Hi! My boss has one of our email aliases subscribed to get filepro-list 
digested to us and, well, I stumbled across this CentOS discussion 
earlier this month and am a little scared at some of the bad advice in it:

http://mailman.celestial.com/pipermail/filepro-list/2011-May/026119.html 
"Cent OS migration"

This is in no way meant to be personal at all. I have great respect for 
anyone who can deal with Filepro on a day to day basis. However, I 
(usually) don't have to; I am a Unix admin and have been since I broke 
my parents computer with Slackware on a 0.9x kernel around 15 years ago.
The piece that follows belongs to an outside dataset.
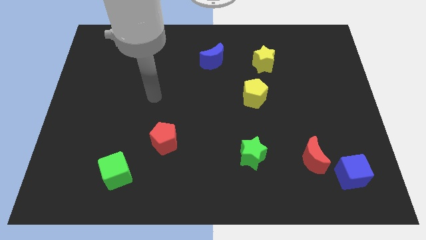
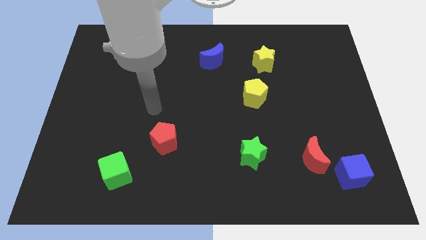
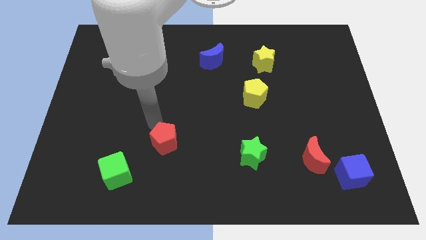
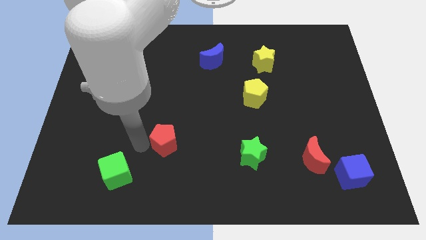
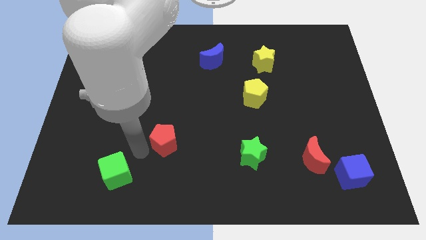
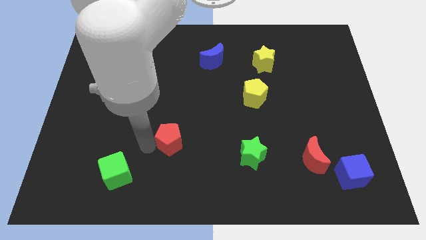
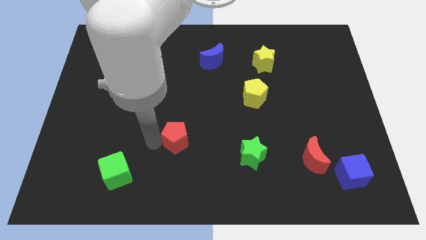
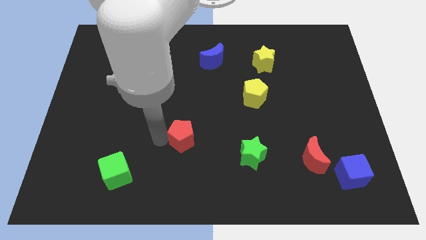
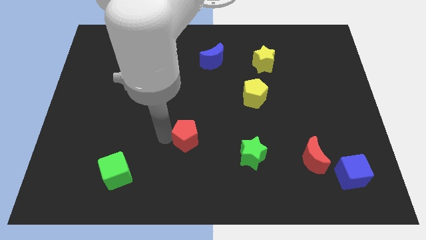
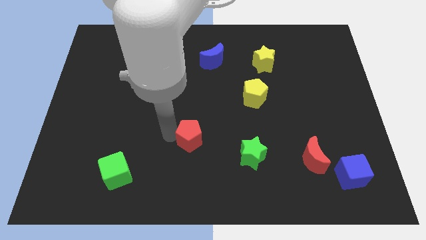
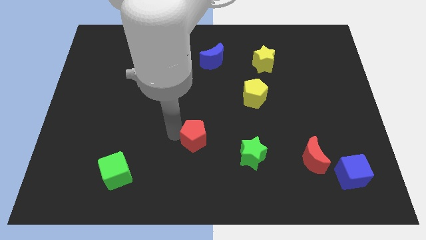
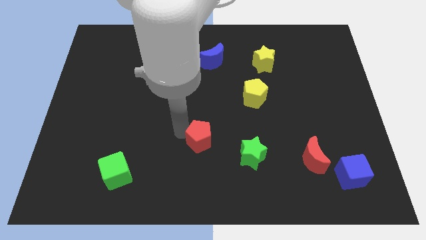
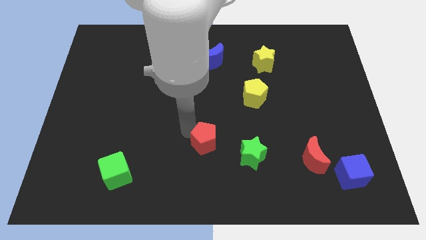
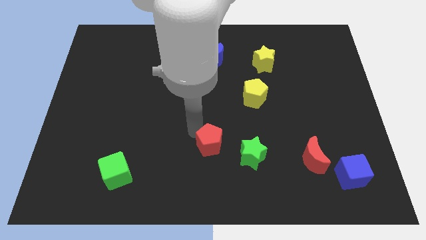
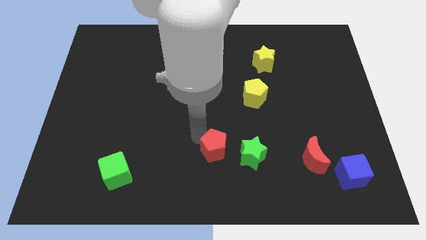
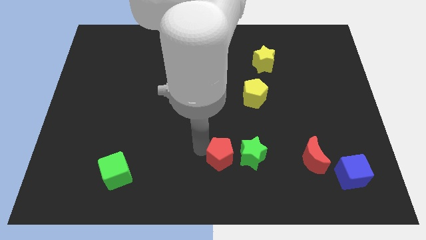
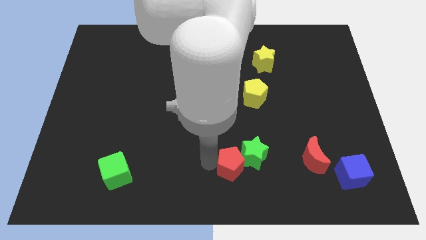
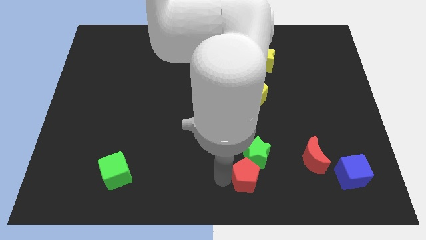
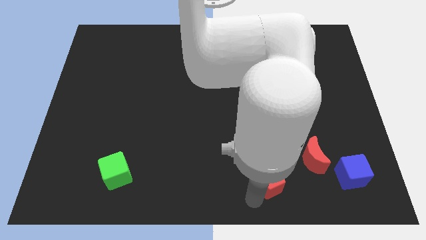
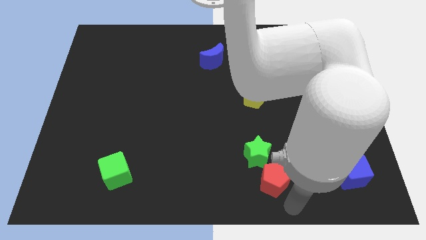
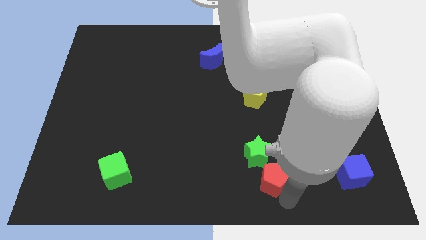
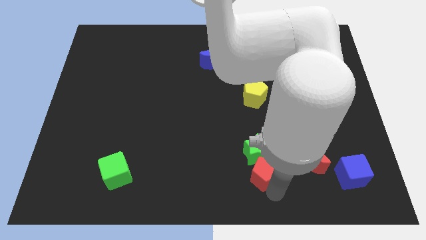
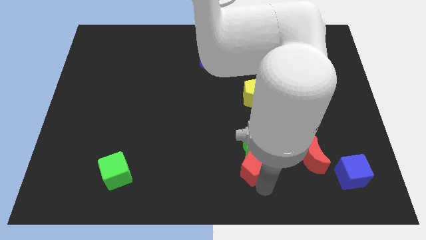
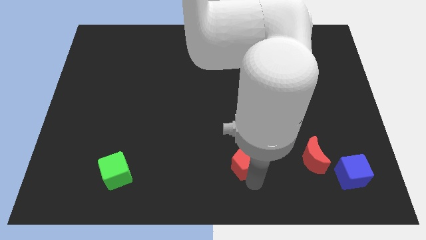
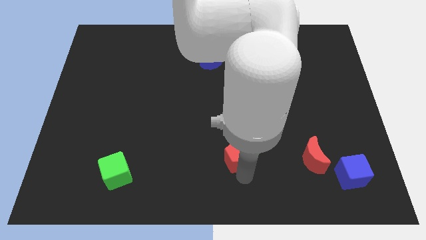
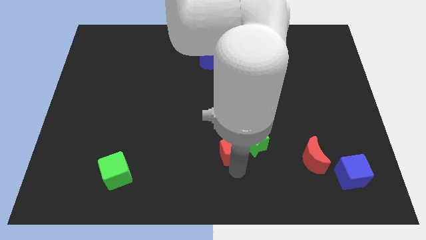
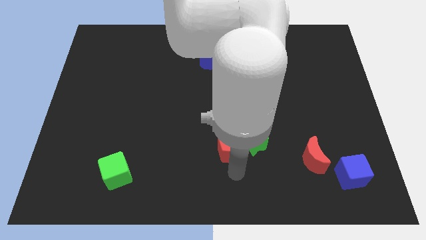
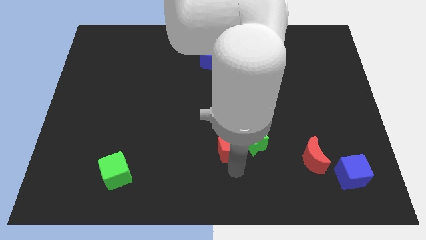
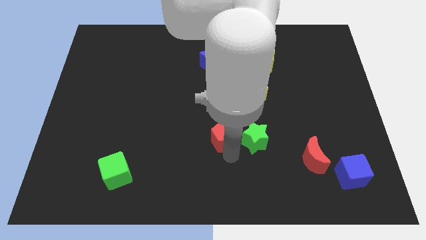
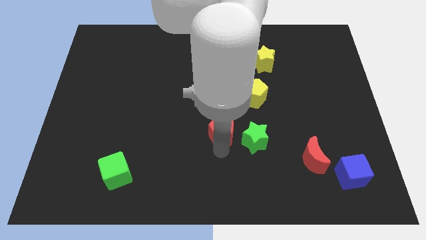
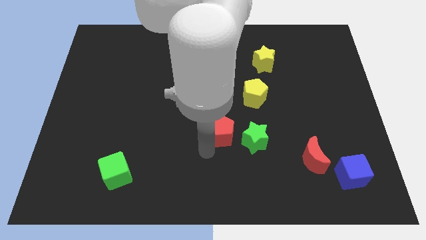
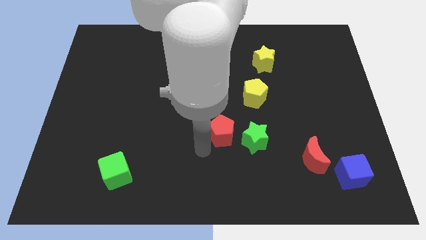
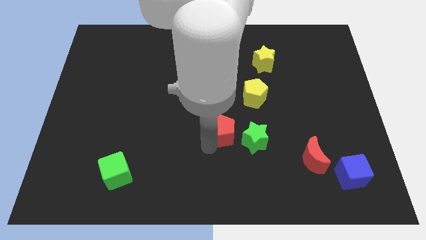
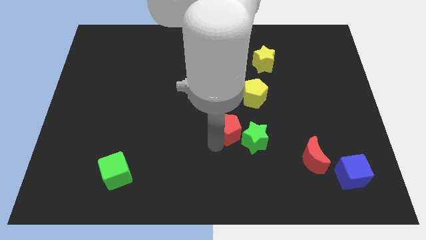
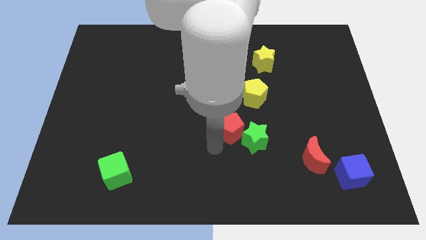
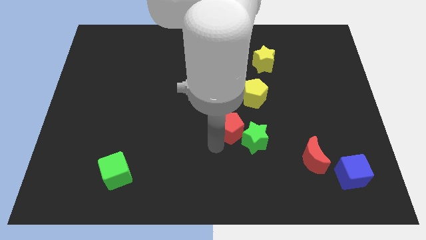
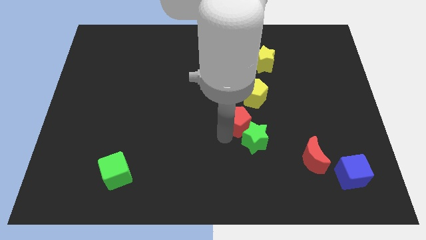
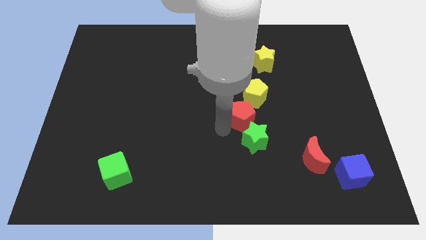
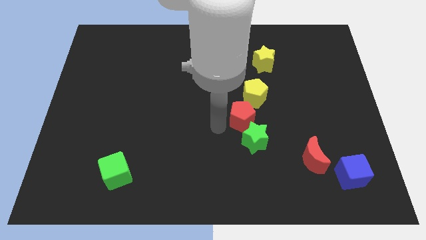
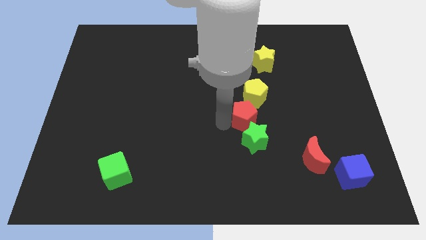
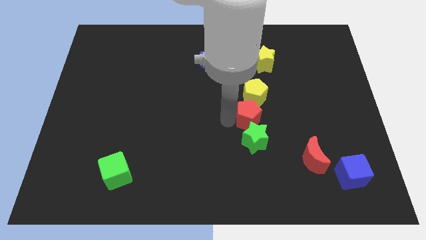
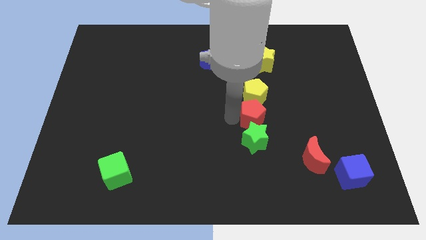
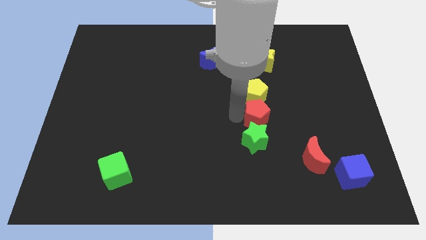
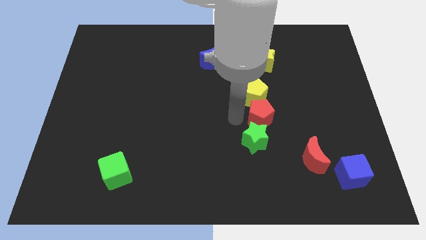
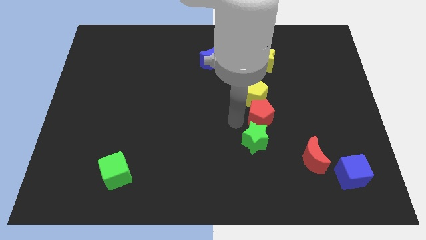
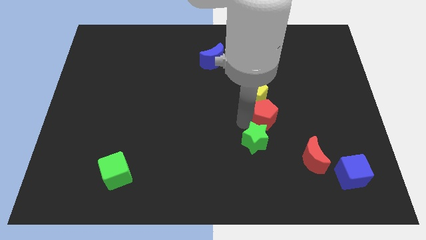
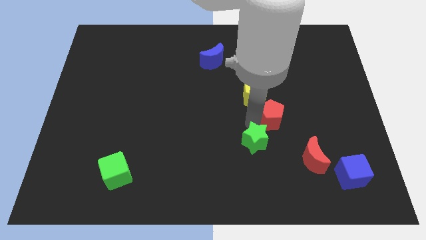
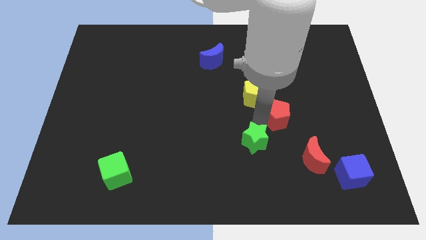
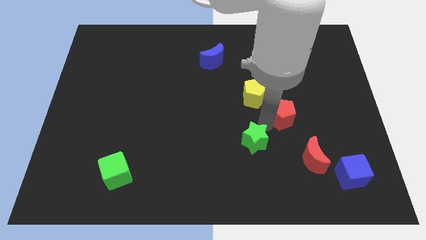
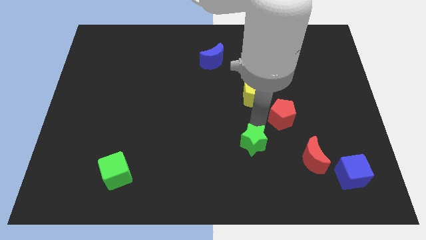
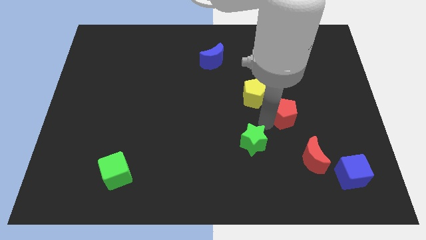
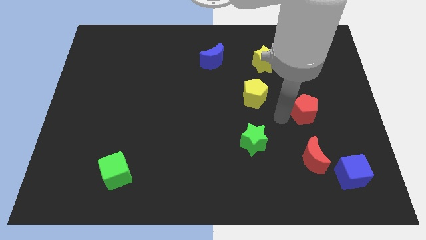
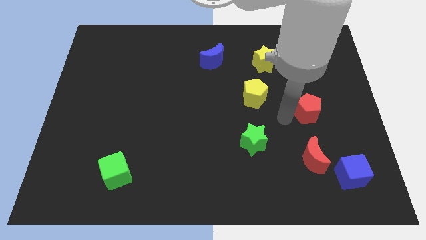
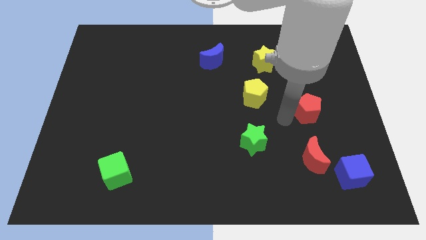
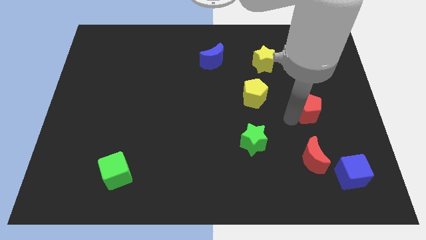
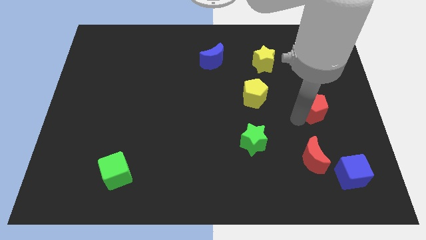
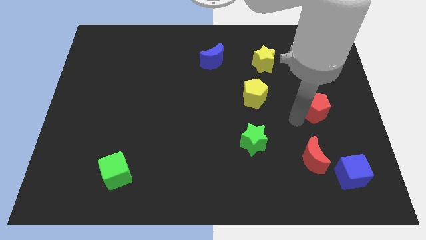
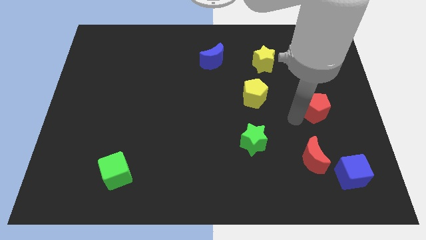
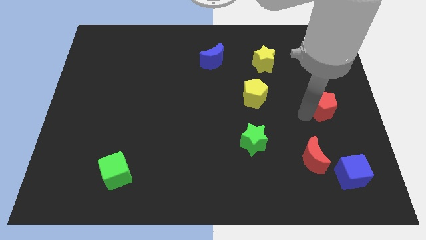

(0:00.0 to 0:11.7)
push the red pentagon to the right side

Also, to buy some credibility, I recently setup Filepro 5.0.0 on 
VMware-hosted 64bit CentOS 5.6 servers and it seems to work fine 
according to the coders. Don't ask about the version. I'm more than 
happy to answer any questions on how I made this work but honestly it 
was really easy overall. We were halfway to making it work in Debian 6.0 
(much more challenging because Debian has ditched a lot of legacy stuff 
where CentOS and RHEL have held onto it -- termcap, 32bit support come 
to mind). In the interest of practicality we switched to CentOS and had 
it running surprisingly quickly.

And of course there is a lot of good information in that interesting 
thread as well.

Let's talk about distributions of Unix/Linux first. There was a lot of 
bad advice regarding specific Linux distributions and downright horrible 
advice regarding BSD. I think it is just a lack of perspective.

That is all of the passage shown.